My Husband's Second Love

My Husband's Second Love
Episode 26's


My body was limp, I sat on the bench in front of the treatment room.


"Ndoro Putri didn't come in? why sit here?" Mr. Dul stepped forward to open the door, I ambushed his hand, which I was sure made Mr. Dul surprised and immediately pulled his hand from my grasp.


"Wait a minute here" I asked.


I took a few breaths, though heavily I decided to pretend not to know.


"Mas..," I went in and deliberately made a sound to surprise.


Sekar did not seem surprised, he was clumsy I know, while Mas Han jumped and with one quick movement he moved away from Sekar.


"Rum," Mas Han stretched out his hand as usual, but this time I had no desire to welcome that hand. I just took a quick glance at it, and passed it just like that.


Don't expect me to go near them both, to say goodbye I gave a little distance, "i'm going home first" my eyes stared intently at Sekar.


"You want to come home or you still want to be here?" I said without taking my eyes off my honey.


"I..mmm."


I turned my body to face Mas Han, "it seems like you still want to be here, well, I'll go home with Mr. Dul, you wait here first who knows there's a cure to be redeemed."


"Yes Rum just like that."


"Mas, you better go home, there's already Siti accompanying me here," Sekar's voice made me more emotional, I'm sure she just wanted to find sympathy but I had to hold back.

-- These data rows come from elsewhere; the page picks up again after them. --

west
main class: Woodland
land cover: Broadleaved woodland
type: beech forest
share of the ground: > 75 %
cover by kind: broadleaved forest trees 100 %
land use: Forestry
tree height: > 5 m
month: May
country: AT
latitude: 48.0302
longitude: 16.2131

"Should it?" I showed my disappointment at the tone of voice I made cynical, hypocritical woman, I swore in my heart.


Not how long Mr. Dul entered the room, "we go home first Ndoro Putri, pity Ndoro Sekar if left alone, let Ndoro Kakung here first. The woman if she is pregnant wants to be awaited by her husband, my wife was also the first time pregnant my child."

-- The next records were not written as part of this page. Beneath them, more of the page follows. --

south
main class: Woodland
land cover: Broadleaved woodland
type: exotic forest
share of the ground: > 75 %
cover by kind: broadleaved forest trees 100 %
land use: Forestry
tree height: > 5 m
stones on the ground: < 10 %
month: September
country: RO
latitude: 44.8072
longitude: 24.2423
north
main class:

Ah...Mr. Dul, my anger evaporated instantly. The words of the middle-aged man my brother made me realize that Sekar also has the same rights as me.


"We're going home, Mr. Dul," I took a quick step out of the room. No longer say goodbye to Mas Han or say goodbye to Sekar. My head is dizzy, my brain cannot be invited to think straight.


"Let's Ndoro Princess."


Mas Han chased after me, "Rum..," he grabbed my hand and held back my quick steps.


I jerked his hands rough until my hands slipped out of his grasp. No words can come out of my lips. All I did was look at Mas Han's face with such great disappointment.


I turned around and went back into the room, approached Sekar and whispered right in his ear, "i don't want Mas Han to know that I saw what you guys were doing."


"Rome..." Mas Han chased me into the room, when he came in I was already back stepping out.


"Rum..," I left my husband with his screams, I needed time to understand and accept all this well.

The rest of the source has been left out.